By decertifying the Iran nuclear deal, in the face of strong evidence that Iran is in compliance, corroborated by the other signatories to the agreement, trump is incarnating such a narrow, myopic and hubristic/narcissitic definition of self-interest, presumably in order to polish his personal reputation as a ‘historic figure in American history. By gutting both Obamacare and NAFTA, arguing "self-interest" when really it is making his indelible and indefatigable mark on history, he is demonstrating again his looking down the telescope backwards to the most narrow definition of self-interest imaginable. When one’s reputation is the defining feature of one’s concept of self-interest, the rest of the world is, by definition, excluded, patronized, relegated to a colonial, second-class status. And this kind of abuse of power always brings about its own demise.

When self-interest is exclusive of the interests of the “other” whether that other is a partner, a colleague, a client, a supplier, even an enemy, there is only tragedy that comes from that exclusion. In Shakespeare’s Othello, Iago’s self-interest was in getting revenge against his boss for failing to appoint him lieutenant. And ultimately, his deceit was unravelled by his spouse. In Arthur Miller’s Death of a Salesman, Willy Loman’s notion of self-interest had so devolved into a passing recognition by the “mayor” to demonstrate his importance in a vacuous social status scale.

trump’s self-interest is blocked by his own insatiable, yet hollow, ego that demands massaging every moment of every day by everyone within earshot. There is clearly no “other” in his “scope” so blinded by his own importance are his eyes, his ears, and his inflated yet hollow image of himself. The only “other” that matters is an enemy, examples of which he searches for and purports to find minute by minute, regardless of the truth and validity of his assessment.

In the White House, this is highly dangerous. Outside, the example of the “leader of the free world” adoption of this short-sighted, narcissitic definition of self-interest cripples any and all potential attempts at co-operation, collaboration, collegiality, compromise, and resolution of any potential conflict. It is the kind of attitude, and behaviour that characterizes a two-year-old whose whole world revolves around his person. However, in his case, he is seeing and hearing and grasping and discovering new things every moment of every day, and eventually he grows out of this “stage”.

The example being offered to young people, to aspiring graduates and even to the twenty-somethings who are trying to start a career, from this president is dangerous in the immediate term, but also in the longer term, as it legitimizes this kind of self-interest, masked as “national interest” and supported by others so blind in their hubristic anger and contempt for the “other” that they are willing to risk it all betting on this imposter.
We are already witnessing the spike in opioid deaths on both sides of the 49th parallel, perhaps in general as expressions of hopelessness in the face of the duplicity, the outright shirking of responsibility the failure to attend to the broader interests of the public good by so many in public life. If our public “actors” and models of leadership and moral example default on their definition of self-interest and their way of modelling that behaviour, can we expect anything less than hordes of young people emulating their example.

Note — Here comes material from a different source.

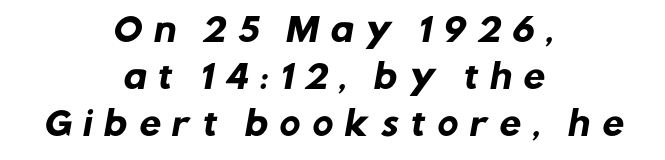
{"serif": "no", "bold": "yes", "weight": "heavy", "width": "normal", "stroke_contrast": "low", "x_height": "medium", "monospaced": "no", "underline": "no", "align": "center", "line_spacing": "normal", "line_spacing_ratio": 1.47, "letter_spacing": "wide", "letter_spacing_em": 0.32, "glyph_px": 32}
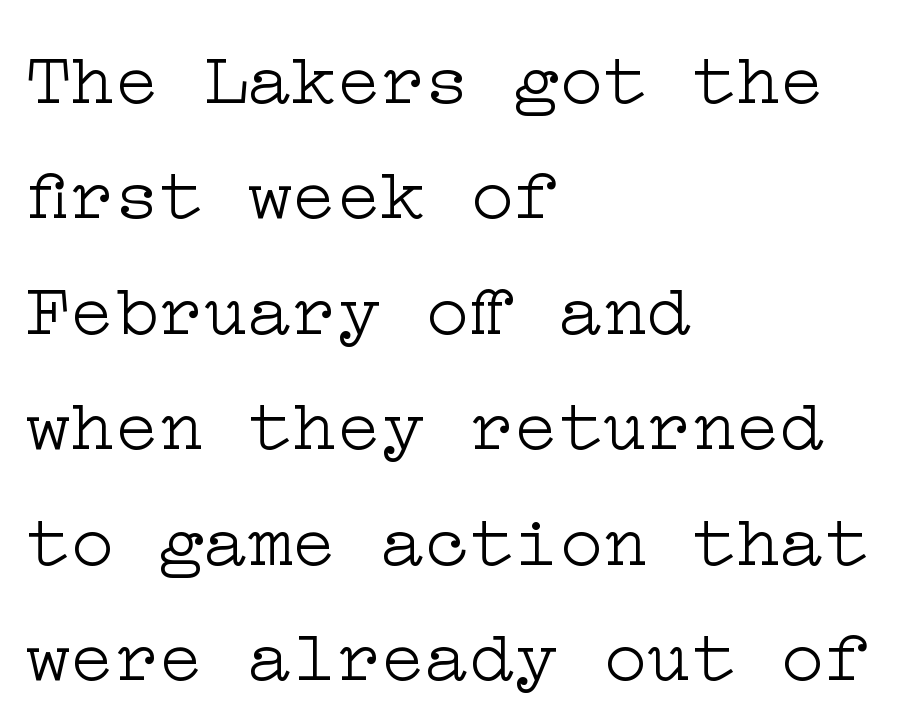
Tall strokes in this sample are plumb rather than angled. If you drew a ruler down the left edge, every line would touch it. Typographically, this falls in the serif category. Anything drawn beneath the words? Only blank space. This rendering leaves character spacing at its baseline value.

Unfortunately, for the world, trump is cemented into this stage in a kind of mental, emotional, psychological and spiritual sarcophagus of his own making. Living in both the world of the living and the world of the dead, however, is outside the bounds of reality, except the reality of his own mind.

Is this another extension of the proverb “children raising children” gone to its wildest length? If it is, permissive parenting, the current vogue, will be inadequate to bring the denoument we seek.